WHAT YOU ARE ASKED TO DO: All lines with the word "stroke" are to be found and copied from the listing.

DATA SECTION:
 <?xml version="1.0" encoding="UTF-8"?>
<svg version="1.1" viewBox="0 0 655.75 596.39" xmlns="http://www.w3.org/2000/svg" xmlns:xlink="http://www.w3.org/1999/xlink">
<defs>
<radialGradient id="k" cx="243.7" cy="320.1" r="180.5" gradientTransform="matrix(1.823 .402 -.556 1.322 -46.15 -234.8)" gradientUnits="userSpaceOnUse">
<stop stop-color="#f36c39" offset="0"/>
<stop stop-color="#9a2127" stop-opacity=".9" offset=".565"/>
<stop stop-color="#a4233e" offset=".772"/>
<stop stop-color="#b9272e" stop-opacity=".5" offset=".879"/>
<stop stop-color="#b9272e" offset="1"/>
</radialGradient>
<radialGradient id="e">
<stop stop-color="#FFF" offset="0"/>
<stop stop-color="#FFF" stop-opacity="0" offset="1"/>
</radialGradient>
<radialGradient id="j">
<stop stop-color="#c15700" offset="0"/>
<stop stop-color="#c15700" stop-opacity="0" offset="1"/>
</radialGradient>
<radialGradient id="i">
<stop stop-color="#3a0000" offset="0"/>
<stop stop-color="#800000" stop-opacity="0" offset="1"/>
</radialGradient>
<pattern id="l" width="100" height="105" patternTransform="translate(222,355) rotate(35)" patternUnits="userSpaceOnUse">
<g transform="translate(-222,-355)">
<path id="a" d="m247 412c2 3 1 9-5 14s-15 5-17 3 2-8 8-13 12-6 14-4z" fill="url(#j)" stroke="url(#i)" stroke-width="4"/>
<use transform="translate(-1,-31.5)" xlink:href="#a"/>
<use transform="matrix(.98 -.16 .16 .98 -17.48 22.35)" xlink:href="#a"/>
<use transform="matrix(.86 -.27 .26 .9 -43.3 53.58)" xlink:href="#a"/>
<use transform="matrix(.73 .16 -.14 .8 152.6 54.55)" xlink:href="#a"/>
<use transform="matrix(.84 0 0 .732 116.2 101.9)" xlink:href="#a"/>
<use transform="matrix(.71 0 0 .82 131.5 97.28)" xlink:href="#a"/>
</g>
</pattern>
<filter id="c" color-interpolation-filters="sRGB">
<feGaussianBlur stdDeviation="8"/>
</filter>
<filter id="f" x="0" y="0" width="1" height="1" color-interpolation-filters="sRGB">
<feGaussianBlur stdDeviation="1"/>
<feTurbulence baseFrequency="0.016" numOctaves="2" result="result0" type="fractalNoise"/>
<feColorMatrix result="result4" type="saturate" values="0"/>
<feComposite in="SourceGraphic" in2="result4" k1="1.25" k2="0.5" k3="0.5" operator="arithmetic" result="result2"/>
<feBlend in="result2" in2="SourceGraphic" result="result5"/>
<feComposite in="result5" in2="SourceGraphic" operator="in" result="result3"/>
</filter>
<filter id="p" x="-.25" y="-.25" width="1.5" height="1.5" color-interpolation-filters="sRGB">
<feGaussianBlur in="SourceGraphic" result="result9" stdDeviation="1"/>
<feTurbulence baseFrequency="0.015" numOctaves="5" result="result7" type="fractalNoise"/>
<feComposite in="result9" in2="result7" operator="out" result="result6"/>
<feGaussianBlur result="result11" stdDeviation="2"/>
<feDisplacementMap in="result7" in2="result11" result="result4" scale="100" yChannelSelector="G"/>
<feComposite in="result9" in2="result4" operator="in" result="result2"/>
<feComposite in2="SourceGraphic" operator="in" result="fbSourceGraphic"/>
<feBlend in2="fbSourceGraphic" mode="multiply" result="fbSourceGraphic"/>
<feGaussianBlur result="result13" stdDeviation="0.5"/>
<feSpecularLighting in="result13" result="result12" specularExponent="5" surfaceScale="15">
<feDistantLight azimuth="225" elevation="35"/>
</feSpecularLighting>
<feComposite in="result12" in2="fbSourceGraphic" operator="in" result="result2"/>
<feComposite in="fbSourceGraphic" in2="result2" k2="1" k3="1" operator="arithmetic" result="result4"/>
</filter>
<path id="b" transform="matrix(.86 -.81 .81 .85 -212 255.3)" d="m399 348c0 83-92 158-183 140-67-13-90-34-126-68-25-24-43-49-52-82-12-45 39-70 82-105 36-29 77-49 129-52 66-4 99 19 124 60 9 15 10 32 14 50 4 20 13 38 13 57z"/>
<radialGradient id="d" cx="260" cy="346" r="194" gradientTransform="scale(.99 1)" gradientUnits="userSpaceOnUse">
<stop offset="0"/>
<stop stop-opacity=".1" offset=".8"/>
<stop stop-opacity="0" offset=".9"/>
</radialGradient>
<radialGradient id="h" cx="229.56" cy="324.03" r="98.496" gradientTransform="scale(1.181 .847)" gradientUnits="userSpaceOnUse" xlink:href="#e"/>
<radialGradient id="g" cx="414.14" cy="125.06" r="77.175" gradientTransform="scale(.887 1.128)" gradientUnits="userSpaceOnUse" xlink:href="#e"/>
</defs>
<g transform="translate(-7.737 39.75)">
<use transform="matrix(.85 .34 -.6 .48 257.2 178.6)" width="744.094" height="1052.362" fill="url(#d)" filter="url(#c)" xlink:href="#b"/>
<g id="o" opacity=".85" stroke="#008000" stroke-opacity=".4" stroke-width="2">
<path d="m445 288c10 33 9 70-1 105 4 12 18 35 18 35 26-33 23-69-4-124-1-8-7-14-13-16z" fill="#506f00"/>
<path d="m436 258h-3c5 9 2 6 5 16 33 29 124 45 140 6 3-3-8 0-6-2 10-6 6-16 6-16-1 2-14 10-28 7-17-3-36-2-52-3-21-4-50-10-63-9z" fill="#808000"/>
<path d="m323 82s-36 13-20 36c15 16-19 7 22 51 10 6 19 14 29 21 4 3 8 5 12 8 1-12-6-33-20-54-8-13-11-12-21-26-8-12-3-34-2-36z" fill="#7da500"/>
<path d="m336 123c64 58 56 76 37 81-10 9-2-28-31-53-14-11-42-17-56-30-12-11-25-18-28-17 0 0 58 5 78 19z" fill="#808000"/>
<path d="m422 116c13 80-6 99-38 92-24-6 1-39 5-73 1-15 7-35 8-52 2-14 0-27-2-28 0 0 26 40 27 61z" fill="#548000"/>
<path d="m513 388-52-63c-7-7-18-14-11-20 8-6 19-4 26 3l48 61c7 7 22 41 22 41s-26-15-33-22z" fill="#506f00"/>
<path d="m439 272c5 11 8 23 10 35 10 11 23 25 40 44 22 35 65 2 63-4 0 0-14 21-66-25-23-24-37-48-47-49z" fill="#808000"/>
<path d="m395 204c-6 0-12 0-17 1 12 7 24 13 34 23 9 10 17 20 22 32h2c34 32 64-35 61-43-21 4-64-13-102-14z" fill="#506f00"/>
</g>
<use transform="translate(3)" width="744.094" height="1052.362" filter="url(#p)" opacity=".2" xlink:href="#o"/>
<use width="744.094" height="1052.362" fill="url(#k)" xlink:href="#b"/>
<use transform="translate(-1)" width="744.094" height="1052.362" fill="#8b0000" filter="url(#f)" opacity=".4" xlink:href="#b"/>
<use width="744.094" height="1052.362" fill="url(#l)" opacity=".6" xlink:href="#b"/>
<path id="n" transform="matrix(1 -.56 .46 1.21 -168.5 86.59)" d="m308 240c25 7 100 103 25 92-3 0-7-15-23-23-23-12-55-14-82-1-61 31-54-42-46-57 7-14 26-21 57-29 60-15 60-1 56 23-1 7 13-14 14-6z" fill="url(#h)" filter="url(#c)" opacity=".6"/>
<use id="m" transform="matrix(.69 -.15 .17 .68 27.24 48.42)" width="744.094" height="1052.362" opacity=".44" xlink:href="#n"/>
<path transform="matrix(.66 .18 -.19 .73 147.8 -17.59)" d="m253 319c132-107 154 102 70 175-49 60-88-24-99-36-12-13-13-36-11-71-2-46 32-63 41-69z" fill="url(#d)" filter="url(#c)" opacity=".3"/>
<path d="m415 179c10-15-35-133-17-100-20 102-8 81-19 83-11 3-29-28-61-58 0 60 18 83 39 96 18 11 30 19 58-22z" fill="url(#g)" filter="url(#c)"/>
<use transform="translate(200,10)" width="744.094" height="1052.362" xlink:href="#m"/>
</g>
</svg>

SOLUTION BELOW:
<path id="a" d="m247 412c2 3 1 9-5 14s-15 5-17 3 2-8 8-13 12-6 14-4z" fill="url(#j)" stroke="url(#i)" stroke-width="4"/>
<g id="o" opacity=".85" stroke="#008000" stroke-opacity=".4" stroke-width="2">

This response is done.